He couldn’t have been more than six or seven years old. He looked more than half-starved himself. He had no business offering me anything. Least of all, precious food. No business that could possibly end well for him.

Not that I posed any threat to the boy.

Even by that young age, I had somehow been terminally afflicted with a soft spot for soft people. Confrontation was unavoidable living on the streets of Serenity, but I did my best to avoid it whenever possible. I certainly never went out of my way to cause a fellow urchin any harm—a fact that endlessly delighted the young, sociopathic tyrants who’d ordained themselves the divine rulers of our sad little kingdom.

A beard biter, those older, stronger boys and girls would call me, on the rare occasions when I failed to flee in time to escape their corporal punishment.

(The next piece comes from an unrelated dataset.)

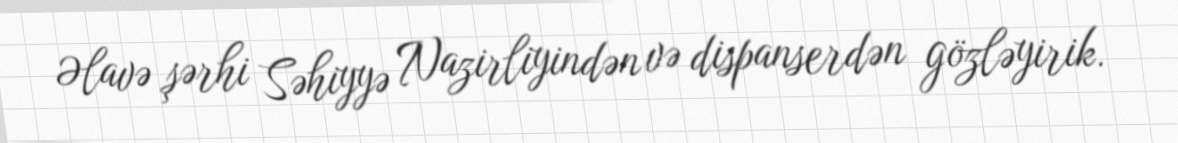
Əlavə şərhi Səhiyyə Nazirliyindən və dispanserdən gözləyirik.

Punishment for what, none of us could have rightly said. For the audacity of daring to exist at all in such a world, I should think. And to that end, I hardly blamed them for their pressing need to inflict pain. We were all of us equal casualties of society, after all.

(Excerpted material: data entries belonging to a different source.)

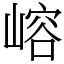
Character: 嵱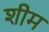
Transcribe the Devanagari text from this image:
शीम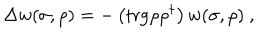
LaTeX: \Delta w ( \sigma , \rho ) = - \left( \mathrm { t r g } \rho \rho ^ { \dagger } \right) w ( \sigma , \rho ) \ ,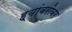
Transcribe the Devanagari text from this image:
ह्यांबरोबर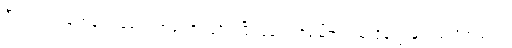
ဂျီတာသည် ချက်ချင်း ခေါင်း အဖုံးကိုပြန်ပိတ်ပြီး ခေါင်းကိုမြေတွင်းထဲသို့ချ၍ မြှုပ်ပစ်လိုက်သည်။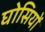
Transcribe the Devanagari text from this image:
घोसियों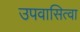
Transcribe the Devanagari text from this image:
उपवासित्वा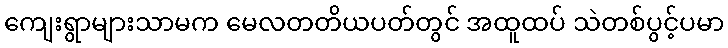
ကျေးရွာများသာမက မေလတတိယပတ်တွင် အထူထပ် သဲတစ်ပွင့်ပမာ

But that hardly meant I had any desire to see that shy, smiling boy dead in an alleyway come the next morning, bereft of his bread and repaid in kind with a terminal head wound.

“You shouldn’t wave food around out in the open,” I said, squinting up at him against the sunlight, and trying to ignore the cavernous rumbling of my empty stomach. “Not unless you want a nice alley rock to the back of the head.”

“You looked hungry,” the boy said, with an honest shrug.

Those words should’ve been a joke, I feel compelled to point out. Anyone who grew up in such conditions would tell you that hungry was simply the way that urchins looked. Everyone was hungry. Even those bold, juvenile tyrants who so ruthlessly collected their undue tribute from every unprepared urchin they happened across in their ceaseless patrols. But this boy was speaking plainly, as far as I could tell. Which made me all the more certain he was a doomed fool.

“You climbed all the way up here because you thought I looked hungry?” I asked, pointedly eyeing his bony frame, which was pretty much all there was to him. “How long have you been on the streets?”

The boy’s smile turned guilty, and he dropped his gaze down to the bread in his hand. “Long enough to know you like rooftops a lot,” he said. “But never the same one twice in a row.”

Those words hardened my insides, freezing my breath and threatening my better judgment. My head raced with urgent whispers that I’d finally been caught—that this meek little boy might have already discovered my safe haven. That he might have tracked me here from there.

That maybe the older urchins had sent him.

But no, I consoled myself, resisting the urge to spring to my feet and check my surroundings. The older children wouldn’t bother with such an elegant plan, and if this boy truly knew anything, he would’ve attempted to catch me off guard back at the hideout I’d so carefully assembled over the years.

“I like the sunlight,” I said, offering the most logical explanation, along with my best conspiratorial grin. “Did you know some people believe it can nourish us, if we let it? That you can live off of sunlight alone?”

The boy seemed to give that real consideration before finally shaking his head. “Never heard that. Doesn’t look like it’s working, though.”

This time, my smile came more easily, the hardsteel grip on my innards loosening at the boy’s sincerity. “But you can’t blame me for trying.”

The boy shrugged. “I just thought you must like it because you don’t see it all day like the rest of us.”

And just like that, my ease snapped back to rigid tension. Heart thumping. Panic rising. Flush with a kind of wild desperation I’d only felt once before, the first time Baltor and his gang of young sociopaths had caught me off guard in the streets.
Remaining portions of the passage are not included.